With a stab of fear, he realized that Isabel was there too, and she was completely unprepared for such an experience.
He felt the frustration, pain, and rage of stunted and malformed minds deprived of any chance of ever realizing the possibilities that they could only imagine. When they brushed up against him, he felt their hate and their fury but they recoiled from the light of his nature and the radiance of his living soul. He knew instinctively that his light would fade under the relentless assault of the darkness and so would Isabel’s. He had to find her quickly. She had already been in the darkness for so long.
For a brief moment he tried to expand his awareness the way he did in the firmament. He tried to be everywhere at once but saw in an instant the folly of doing that in the netherworld. When the light of his living soul was concentrated in one location, he could fend off the darkness, but when he tried to expand his awareness, his light dimmed. The numbing coldness that flooded into him in that one brief instant was enough to cause him to pull back to a single bright point.

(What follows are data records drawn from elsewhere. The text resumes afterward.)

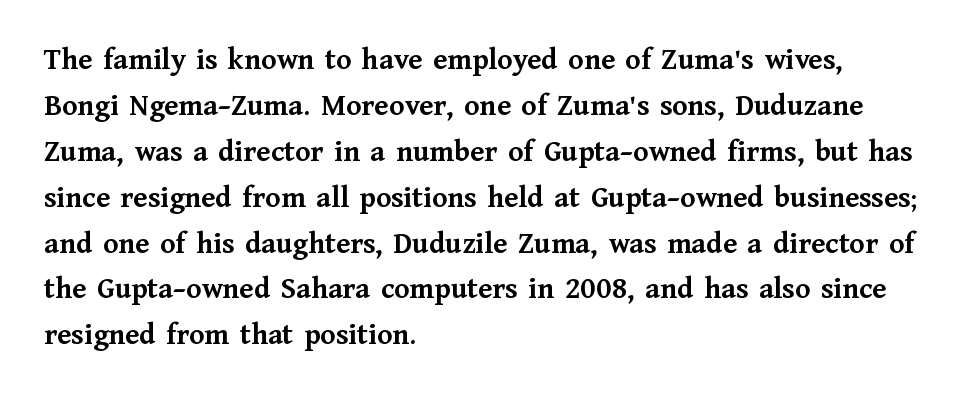
{"serif": "yes", "italic": "no", "bold": "yes", "weight": "semibold", "width": "normal", "stroke_contrast": "medium", "x_height": "medium", "monospaced": "no", "underline": "no", "align": "left", "line_spacing": "normal", "line_spacing_ratio": 1.48, "letter_spacing": "normal", "letter_spacing_em": 0.0, "glyph_px": 31}
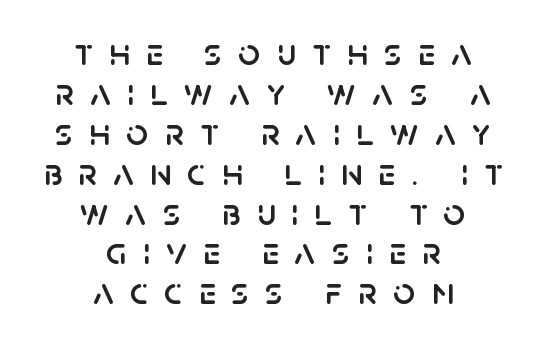
The face used here is a sans, in the tradition of grotesques and geometrics. The foot of each line stays bare and open. Looks like regular typesetting: each glyph gets only the width it needs. This block would grow much taller if given ordinary leading; it's compressed now.
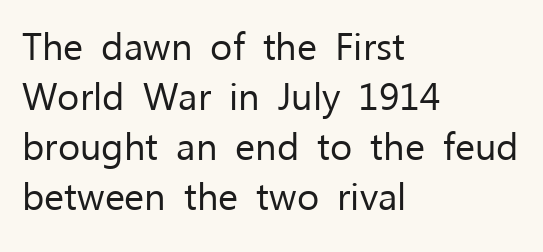
Q: Is the text bold? A: No.
Q: Is the text italic (slanted)? A: No, it is upright.
Q: Is the typeface a serif or a sans-serif typeface? A: Sans-serif.
Q: Is the text underlined? A: No.
Q: How is the paragraph aligned? A: Left-aligned.
Q: Is the spacing between letters normal or unusually wide? A: Normal.
Q: Is the spacing between lines tight, normal or loose? A: Normal.
Q: Width (condensed, normal, or wide)? A: Normal.
Q: Stroke contrast? A: Low.
Q: x-height? A: Medium.
Q: Monospaced? A: No.
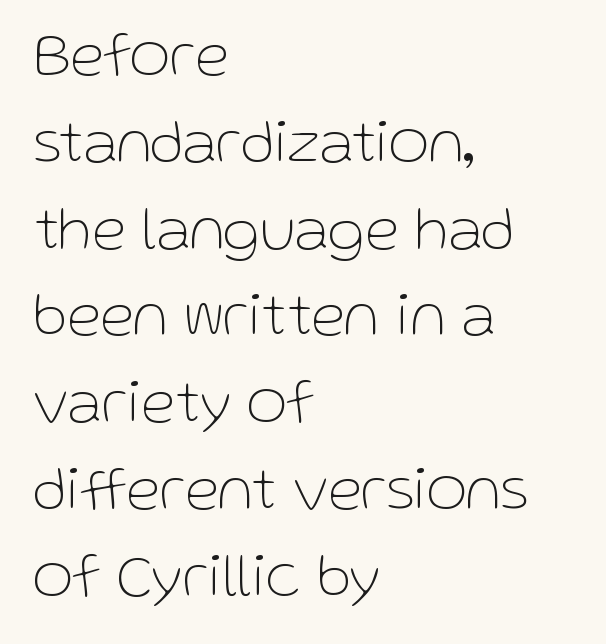
Q: Is the text bold? A: No.
Q: Is the text italic (slanted)? A: No, it is upright.
Q: Is the typeface a serif or a sans-serif typeface? A: Sans-serif.
Q: Is the text underlined? A: No.
Q: How is the paragraph aligned? A: Left-aligned.
Q: Is the spacing between letters normal or unusually wide? A: Normal.
Q: Is the spacing between lines tight, normal or loose? A: Normal.
Q: Width (condensed, normal, or wide)? A: Normal.
Q: Stroke contrast? A: Low.
Q: x-height? A: Medium.
Q: Monospaced? A: No.
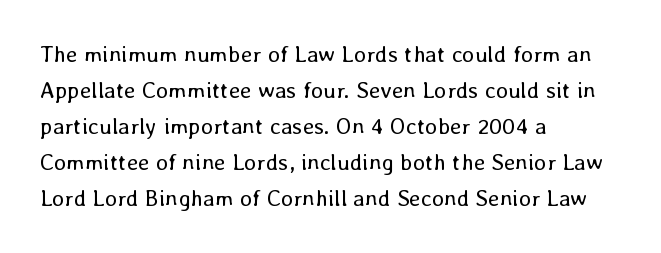
{"italic": "no", "bold": "no", "underline": "no", "align": "left", "line_spacing": "normal", "line_spacing_ratio": 1.57, "letter_spacing": "normal", "letter_spacing_em": 0.0, "glyph_px": 23}
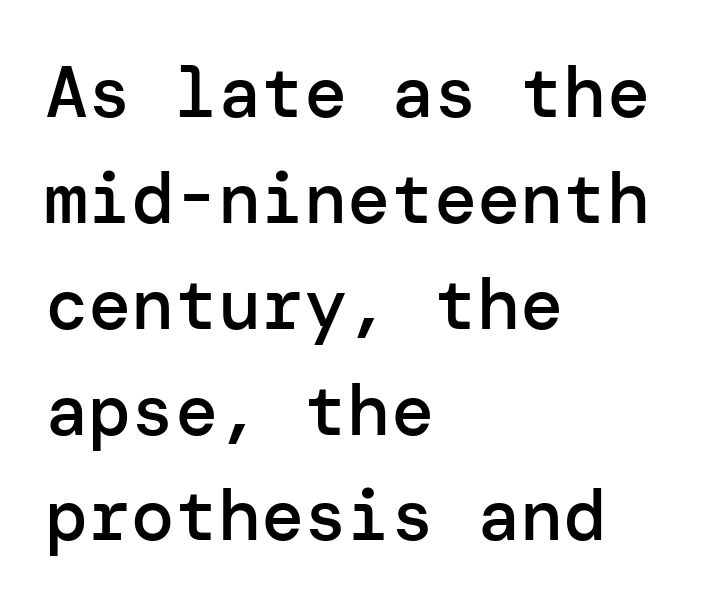
{"serif": "no", "italic": "no", "bold": "semi", "weight": "semibold", "width": "normal", "stroke_contrast": "low", "x_height": "medium", "underline": "no", "align": "left", "line_spacing": "normal", "line_spacing_ratio": 1.47, "letter_spacing": "normal", "letter_spacing_em": 0.0, "glyph_px": 72}
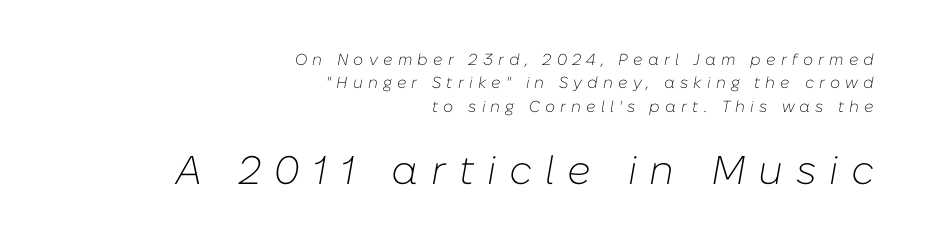
The image shows 40 px light type, italic (leaning right); set right-aligned, normal line spacing (1.46x), unusually wide letter spacing (+0.32 em), not underlined; the second (bottom) block is 2.5x larger; low stroke contrast and a medium x-height.
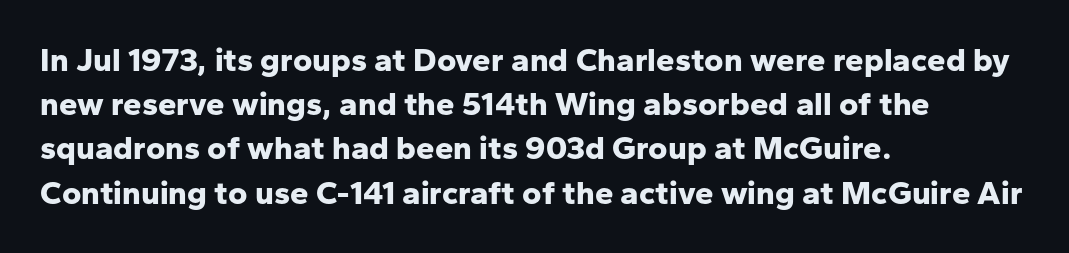
A dark, heavy texture on the line: the type is bold. Do the characters align in a grid? No, the font is proportional. Characters follow at the spacing the type designer built in. The type sits square on the baseline with zero lean. Clear beneath every line of the passage. The rendering anchors every line to the left-hand side.
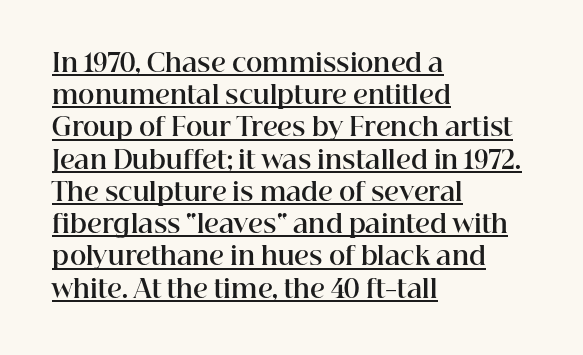
The image shows 25 px bold type, upright; set left-aligned, normal line spacing (1.29x), normal letter spacing, underlined.
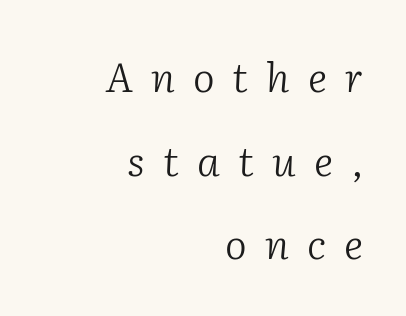
The block of text is sparse from top to bottom, with ample space between rows. All the whitespace from short lines collects on the left. Proportional: the letters do not fall into vertical columns. Nobody drew a line under any word here. Letter spacing: wide.
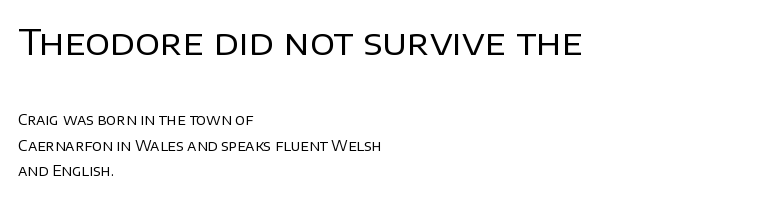
{"serif": "no", "italic": "no", "bold": "no", "weight": "regular", "width": "normal", "stroke_contrast": "low", "x_height": "large", "monospaced": "no", "underline": "no", "align": "left", "line_spacing_ratio": 1.83, "letter_spacing": "normal", "letter_spacing_em": 0.0, "larger_block": "first", "size_ratio": 2.5, "glyph_px": 35}
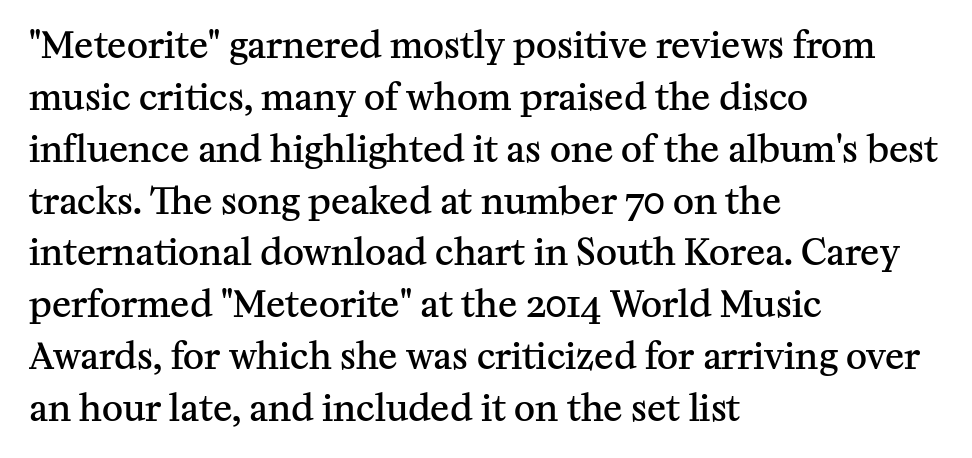
The image shows 36 px semibold serif type, upright; set left-aligned, normal line spacing (1.44x), normal letter spacing, not underlined; medium stroke contrast and a medium x-height.
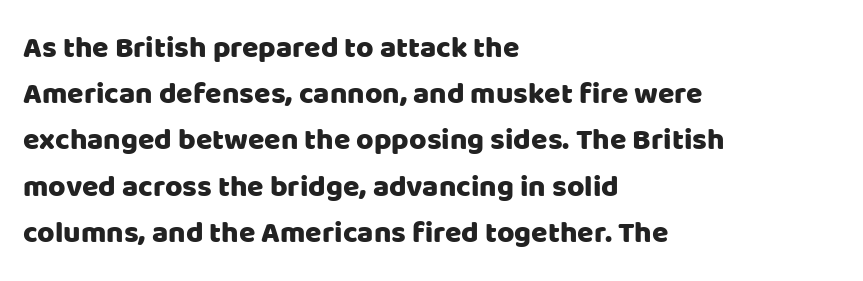
Characters remain perfectly vertical along every line. These lines are composed in type without serifs. The typesetter chose a ragged-right arrangement here. A typesetter would call this proportional, since set widths differ per character.
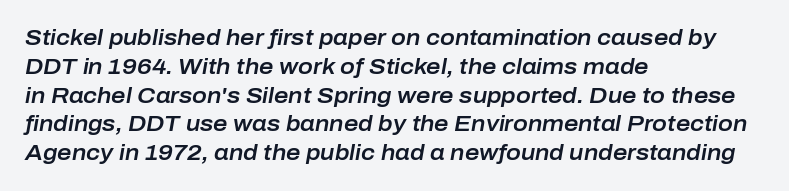
Visually the block forms a straight wall on the left and a jagged coastline on the right. The passage shown has conventional tracking throughout. The words here are not underlined. Does the lettering tilt? It does — this is italic.
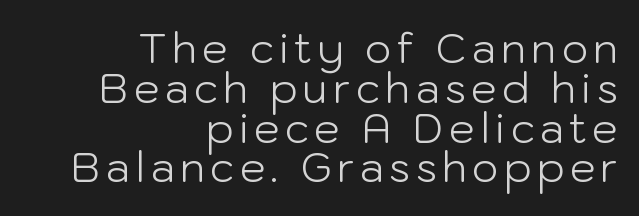
Is there any slant? The stems are plumb. Does the leading feel generous? Not at all — it's pinched. Decoration check: the copy has no underline. These lines are rendered in a variable-pitch font.
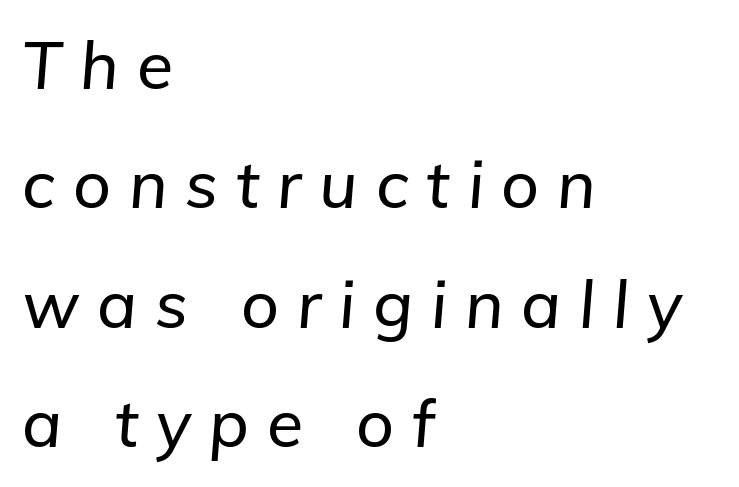
{"italic": "yes", "lean": "right", "slant_degrees": 5, "width": "normal", "stroke_contrast": "low", "x_height": "medium", "monospaced": "no", "underline": "no", "align": "left", "line_spacing_ratio": 1.81, "letter_spacing": "wide", "letter_spacing_em": 0.27, "glyph_px": 66}
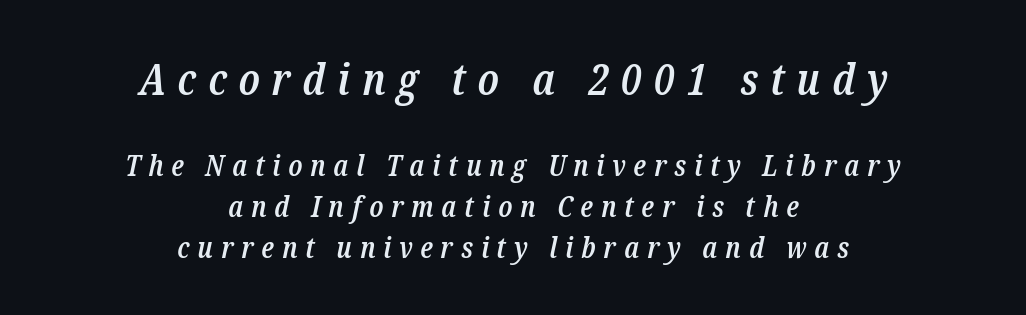
The block sitting higher on the canvas is the one with enlarged characters. Weight check: semibold — heavier than regular, not quite bold. An italicized treatment has been applied to the whole sample. The passage shown is typed in a proportional face where columns would drift. Leading matches the norm, producing a regular column. The designer went with a serif here, giving each stem small feet.
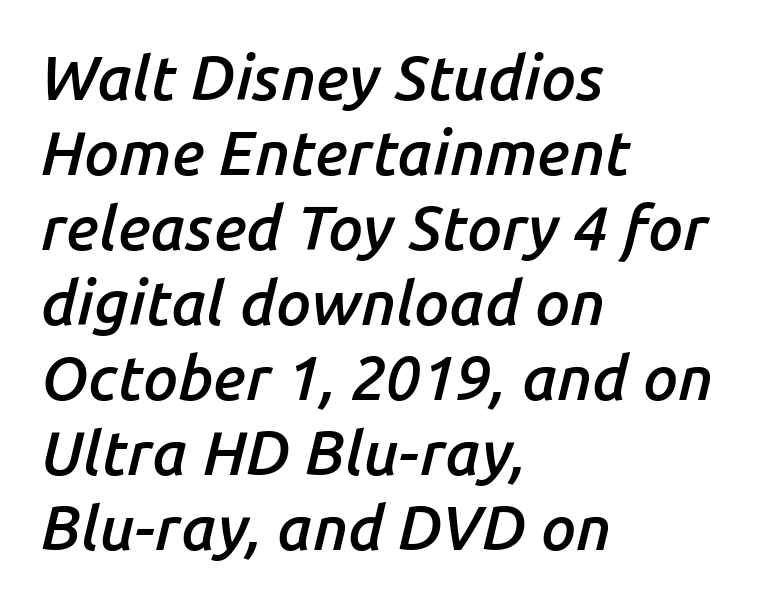
{"italic": "yes", "lean": "right", "slant_degrees": 14, "bold": "semi", "weight": "semibold", "width": "normal", "stroke_contrast": "low", "x_height": "medium", "monospaced": "no", "underline": "no", "align": "left", "line_spacing_ratio": 1.21, "letter_spacing": "normal", "letter_spacing_em": 0.0, "glyph_px": 62}

But it was also enough to let Isabel know he was with her. Off in the distance, through the murky darkness, he saw a brief flare of light. He moved through the unrealized potential of broken souls, driving them aside with the light of his very real existence fueled by vital life energy and love.
When he found her disembodied awareness, she was huddled into a ball of fear surrounded by a swarm of howling dark spirits trying to drive her farther and farther away from life. Alexander plunged into the fray. His weapon was the light of his life powered by his boundless love for Isabel. He brought his soul to hers and surrounded her with his light, sheltered her with his love, and defended her with righteous fury.